## [Problem]
Your answer should be the full data, transcribed exactly, with no pictures in it.

┌──

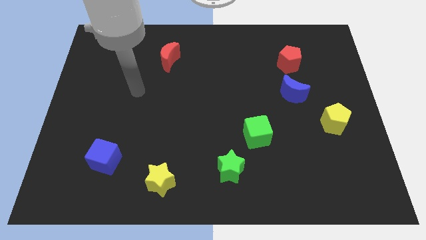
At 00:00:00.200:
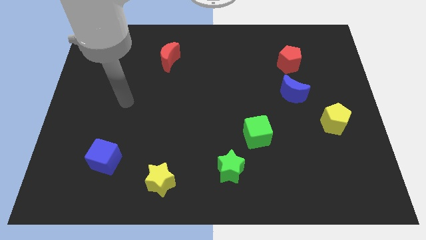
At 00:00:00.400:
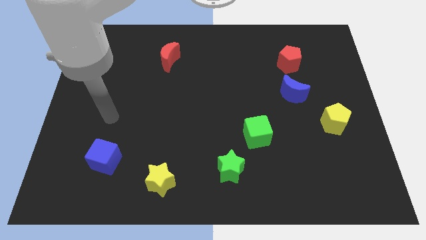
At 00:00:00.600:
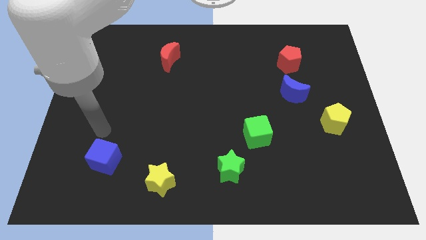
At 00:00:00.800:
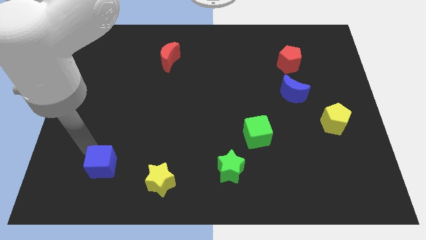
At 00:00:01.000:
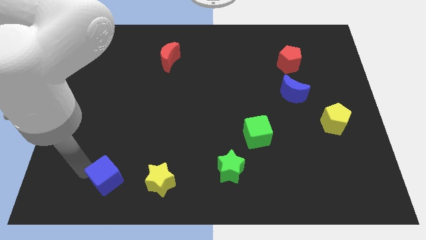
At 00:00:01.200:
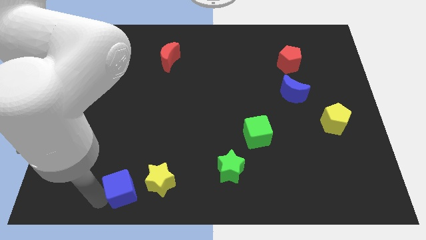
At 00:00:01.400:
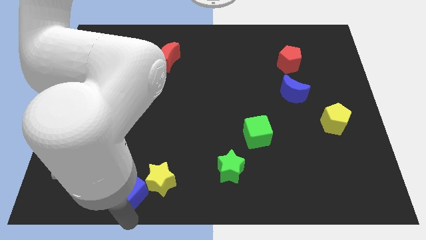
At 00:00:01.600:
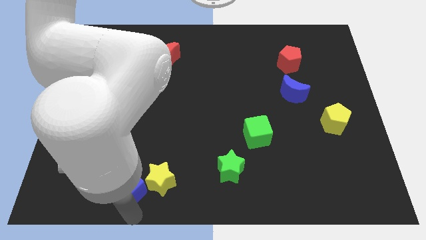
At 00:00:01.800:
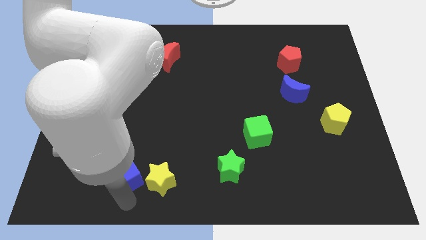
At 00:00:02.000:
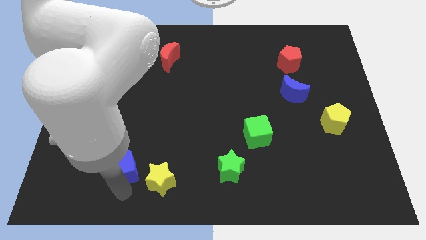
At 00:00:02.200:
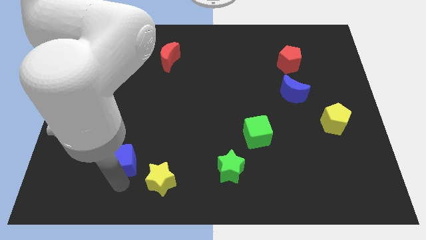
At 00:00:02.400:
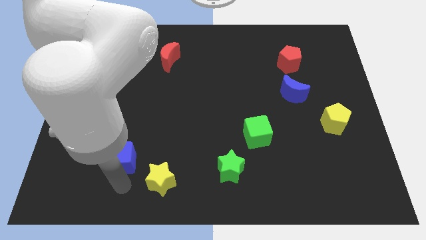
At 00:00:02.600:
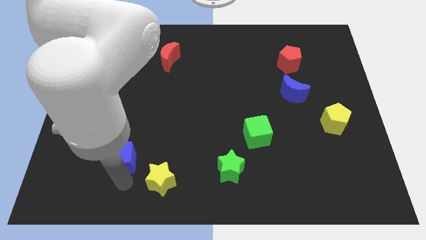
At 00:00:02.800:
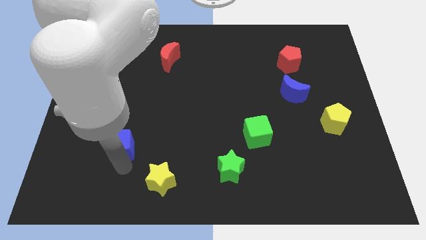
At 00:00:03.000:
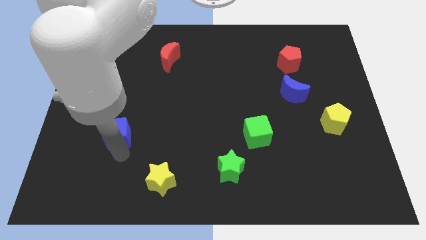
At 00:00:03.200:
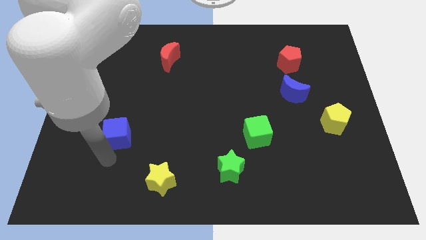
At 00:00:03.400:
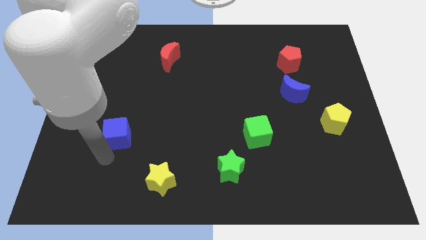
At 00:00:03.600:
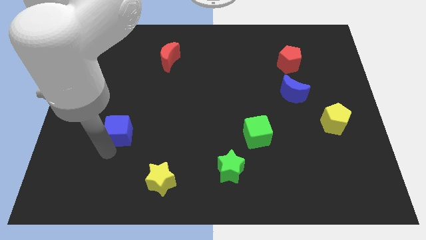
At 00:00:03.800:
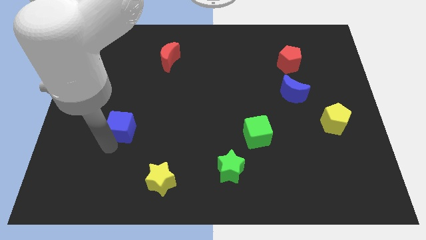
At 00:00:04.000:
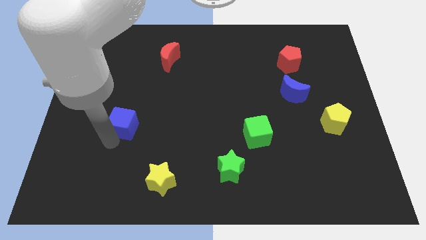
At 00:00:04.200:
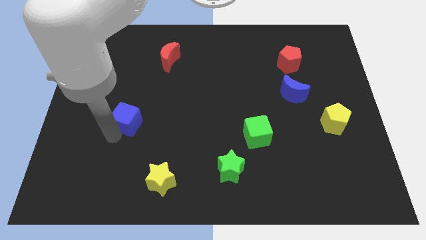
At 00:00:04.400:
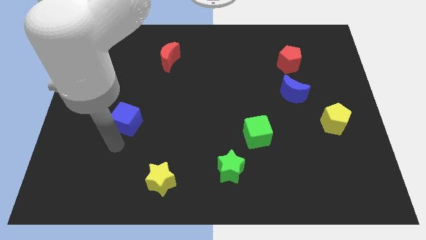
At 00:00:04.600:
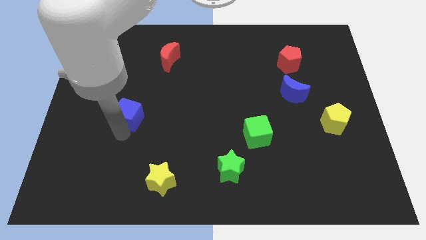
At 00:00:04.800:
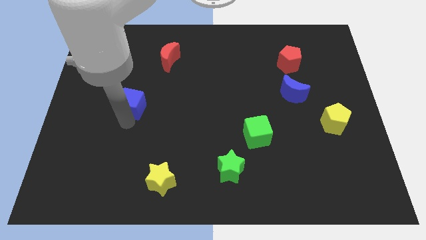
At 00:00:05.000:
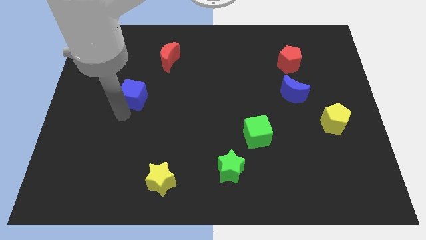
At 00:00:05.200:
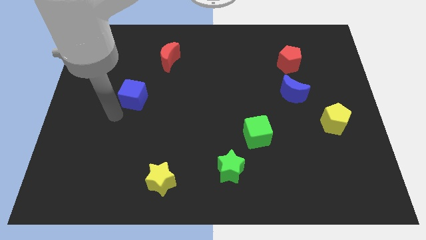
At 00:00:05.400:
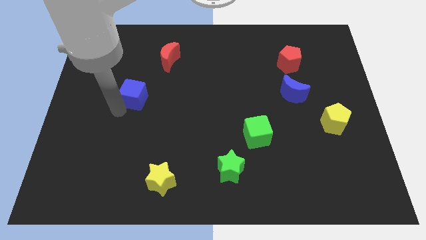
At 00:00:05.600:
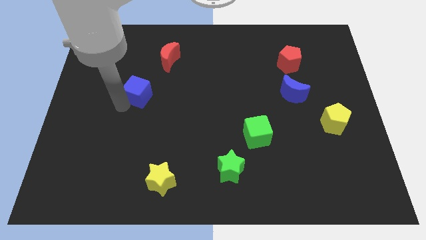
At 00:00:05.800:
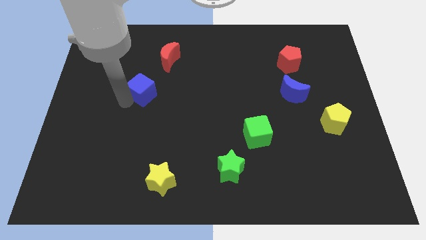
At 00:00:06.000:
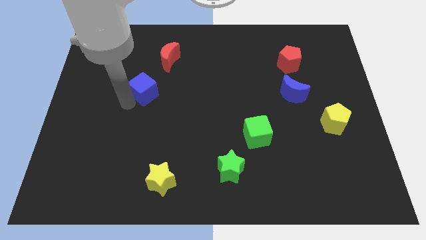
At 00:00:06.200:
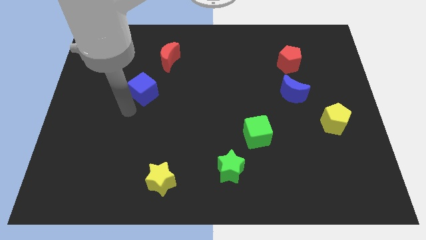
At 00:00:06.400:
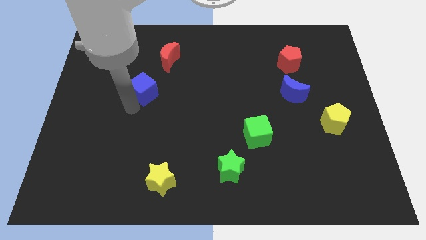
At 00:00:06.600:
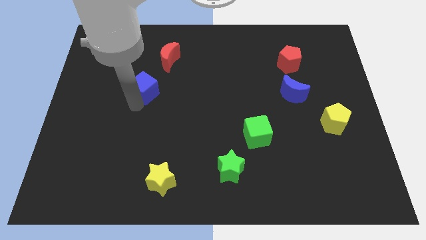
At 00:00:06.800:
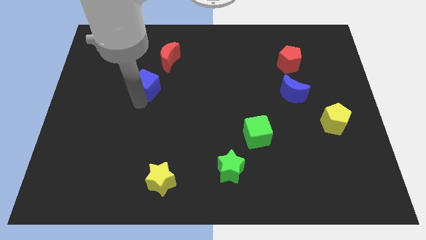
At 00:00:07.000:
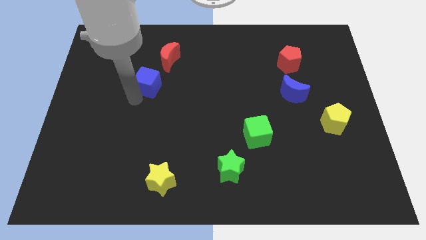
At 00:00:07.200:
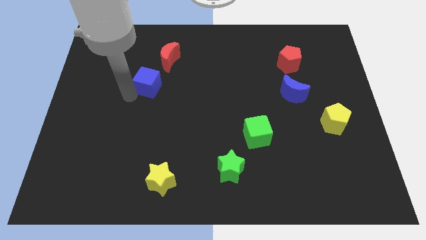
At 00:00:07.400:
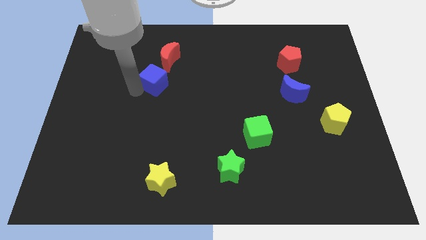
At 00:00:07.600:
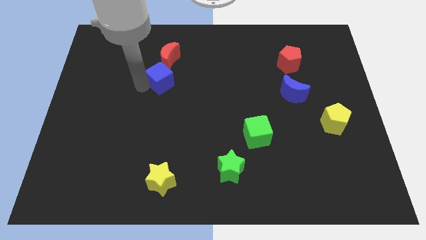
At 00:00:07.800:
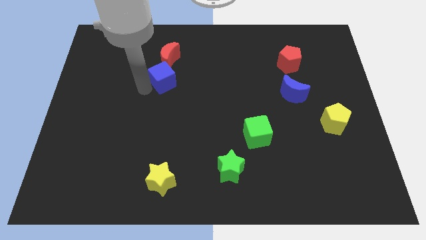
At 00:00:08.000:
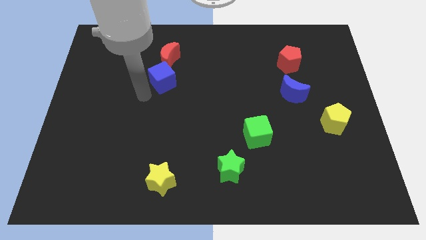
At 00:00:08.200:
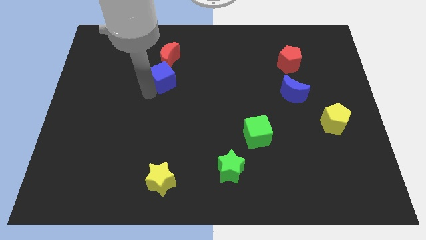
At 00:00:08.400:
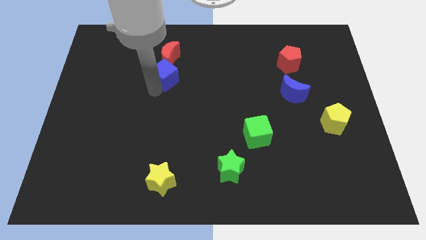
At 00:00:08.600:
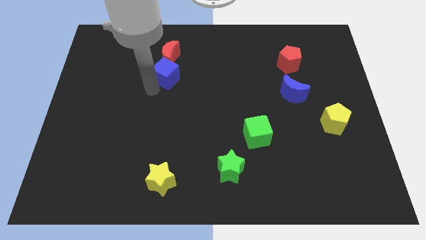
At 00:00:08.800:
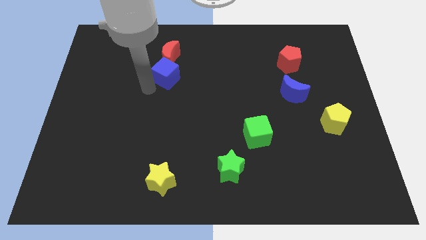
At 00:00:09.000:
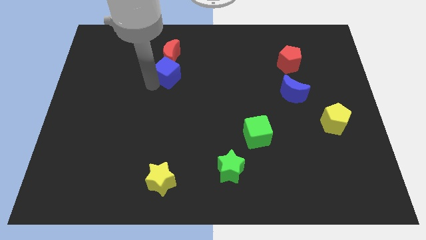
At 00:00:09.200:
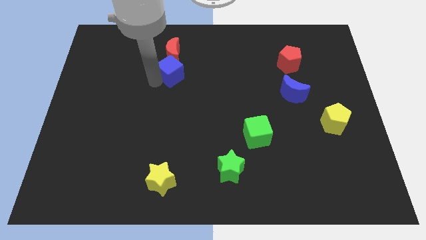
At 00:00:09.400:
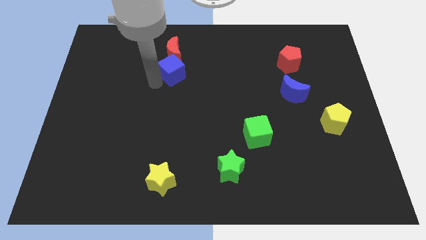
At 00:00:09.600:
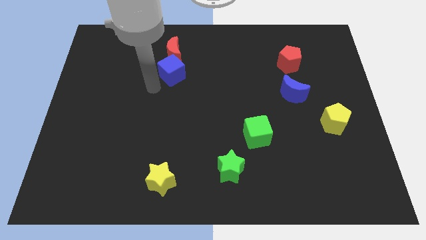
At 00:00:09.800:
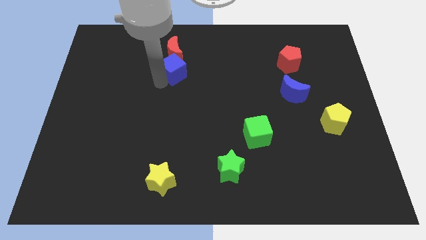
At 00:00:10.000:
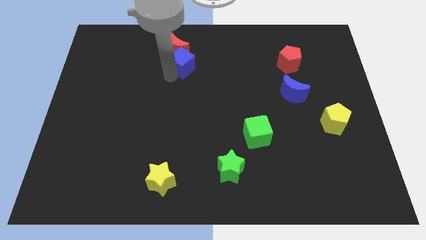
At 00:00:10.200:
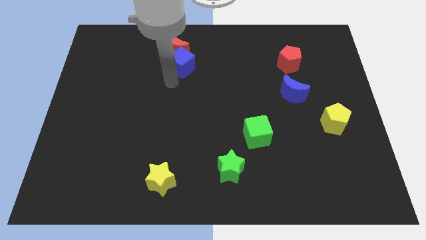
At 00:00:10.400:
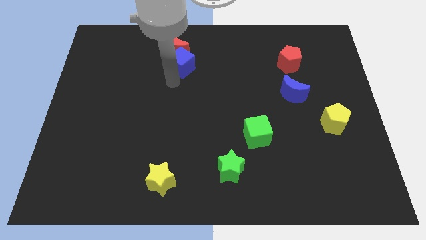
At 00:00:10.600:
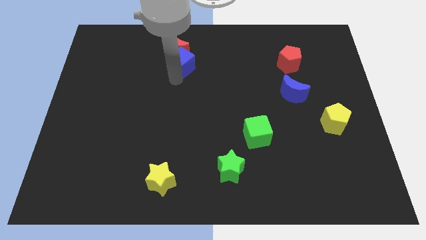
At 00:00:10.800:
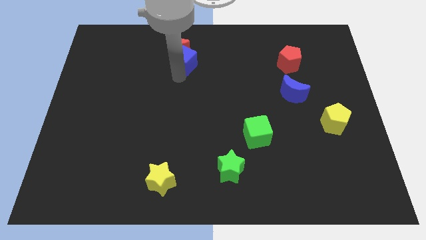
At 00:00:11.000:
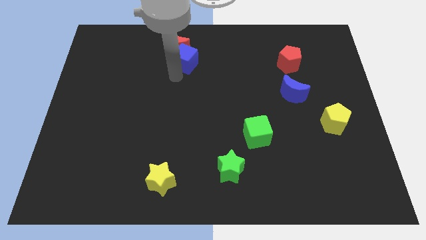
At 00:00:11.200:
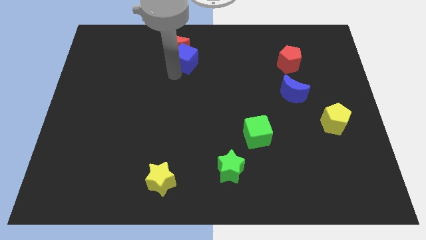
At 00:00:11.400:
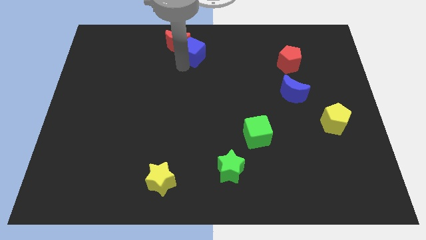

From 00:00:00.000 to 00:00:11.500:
move the blue cube to the towards your base

└──

## [Reply to the task]
At 00:00:00.200:
At 00:00:00.400:
At 00:00:00.600:
At 00:00:00.800:
At 00:00:01.000:
At 00:00:01.200:
At 00:00:01.400:
At 00:00:01.600:
At 00:00:01.800:
At 00:00:02.000:
At 00:00:02.200:
At 00:00:02.400:
At 00:00:02.600:
At 00:00:02.800:
At 00:00:03.000:
At 00:00:03.200:
At 00:00:03.400:
At 00:00:03.600:
At 00:00:03.800:
At 00:00:04.000:
At 00:00:04.200:
At 00:00:04.400:
At 00:00:04.600:
At 00:00:04.800:
At 00:00:05.000:
At 00:00:05.200:
At 00:00:05.400:
At 00:00:05.600:
At 00:00:05.800:
At 00:00:06.000:
At 00:00:06.200:
At 00:00:06.400:
At 00:00:06.600:
At 00:00:06.800:
At 00:00:07.000:
At 00:00:07.200:
At 00:00:07.400:
At 00:00:07.600:
At 00:00:07.800:
At 00:00:08.000:
At 00:00:08.200:
At 00:00:08.400:
At 00:00:08.600:
At 00:00:08.800:
At 00:00:09.000:
At 00:00:09.200:
At 00:00:09.400:
At 00:00:09.600:
At 00:00:09.800:
At 00:00:10.000:
At 00:00:10.200:
At 00:00:10.400:
At 00:00:10.600:
At 00:00:10.800:
At 00:00:11.000:
At 00:00:11.200:
At 00:00:11.400:

From 00:00:00.000 to 00:00:11.500:
move the blue cube to the towards your base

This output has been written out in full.